> Data
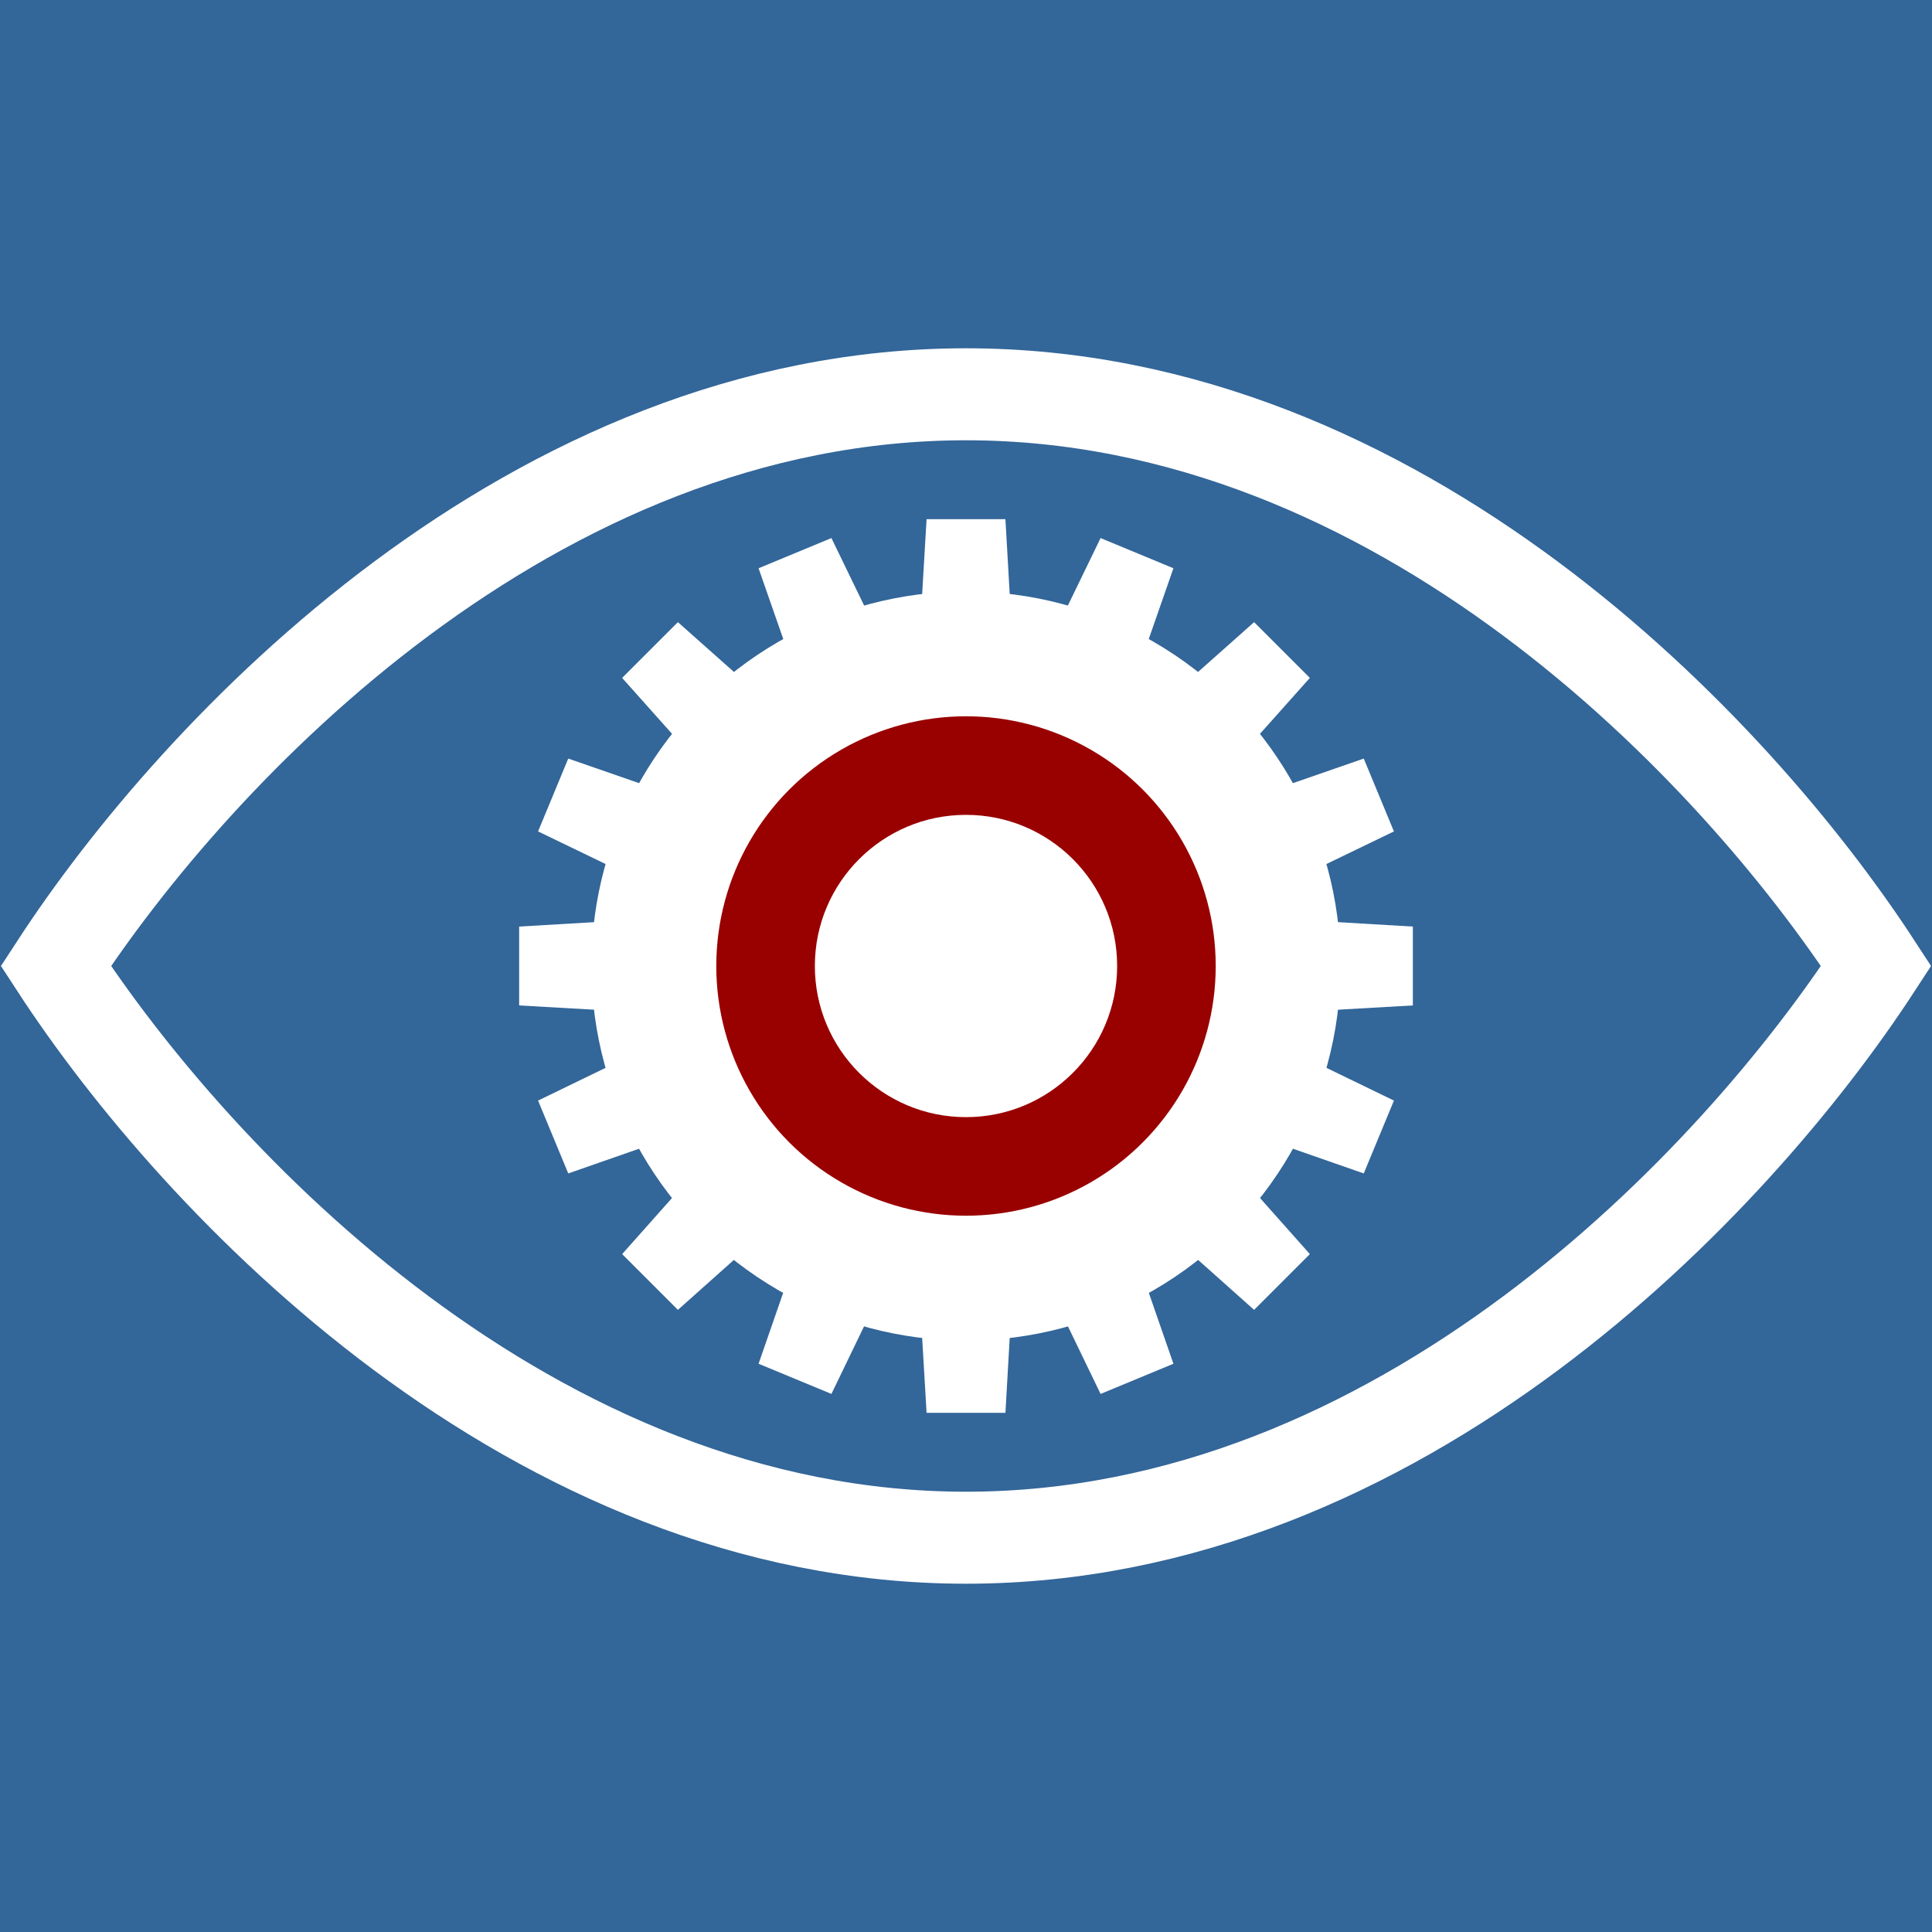 <?xml version="1.0"?>
<svg xmlns="http://www.w3.org/2000/svg" height="120" width="120" xmlns:xlink="http://www.w3.org/1999/xlink" viewBox="-147 -147 294 294">

<rect x="-147" y="-147" width="294" height="294" fill="#808080" stroke="none"/>

<circle r="134" stroke-width="19" stroke="#369" fill="none"/>
<rect height="294" width="294" y="-147" x="-147" fill="#369"/>
<path stroke="#fff" fill="none" stroke-width="14" d="m0 87c-66 0-117-54-138.5-87 21.5-33 72.5-87 138.5-87s117 54 138.5 87c-21.5 33-72.5 87-138.5 87z"/>
<circle r="47.5" stroke-width="19" stroke="#fff" fill="#900"/>
<g id="a">
	<g id="b">
		<g id="c" fill="#fff">
			<path id="e" d="m7.2-47-1.2-21h-12l-1.236 21"/>
			<use xlink:href="#e" transform="scale(1,-1)"/>
		</g>
		<use xlink:href="#c" transform="rotate(90)"/>
	</g>
	<use xlink:href="#b" transform="rotate(45)"/>
</g>
<use xlink:href="#a" transform="rotate(22.5)"/>

<circle r="23" fill="#fff"/>
</svg>

> Problem requirements
Write the records out again verbatim and omit the pictures they contain.

> Solution for this task
 <?xml version="1.0"?>
<svg xmlns="http://www.w3.org/2000/svg" height="120" width="120" xmlns:xlink="http://www.w3.org/1999/xlink" viewBox="-147 -147 294 294">

<rect x="-147" y="-147" width="294" height="294" fill="#808080" stroke="none"/>

<circle r="134" stroke-width="19" stroke="#369" fill="none"/>
<rect height="294" width="294" y="-147" x="-147" fill="#369"/>
<path stroke="#fff" fill="none" stroke-width="14" d="m0 87c-66 0-117-54-138.5-87 21.5-33 72.5-87 138.5-87s117 54 138.5 87c-21.5 33-72.5 87-138.5 87z"/>
<circle r="47.5" stroke-width="19" stroke="#fff" fill="#900"/>
<g id="a">
	<g id="b">
		<g id="c" fill="#fff">
			<path id="e" d="m7.2-47-1.2-21h-12l-1.236 21"/>
			<use xlink:href="#e" transform="scale(1,-1)"/>
		</g>
		<use xlink:href="#c" transform="rotate(90)"/>
	</g>
	<use xlink:href="#b" transform="rotate(45)"/>
</g>
<use xlink:href="#a" transform="rotate(22.5)"/>

<circle r="23" fill="#fff"/>
</svg>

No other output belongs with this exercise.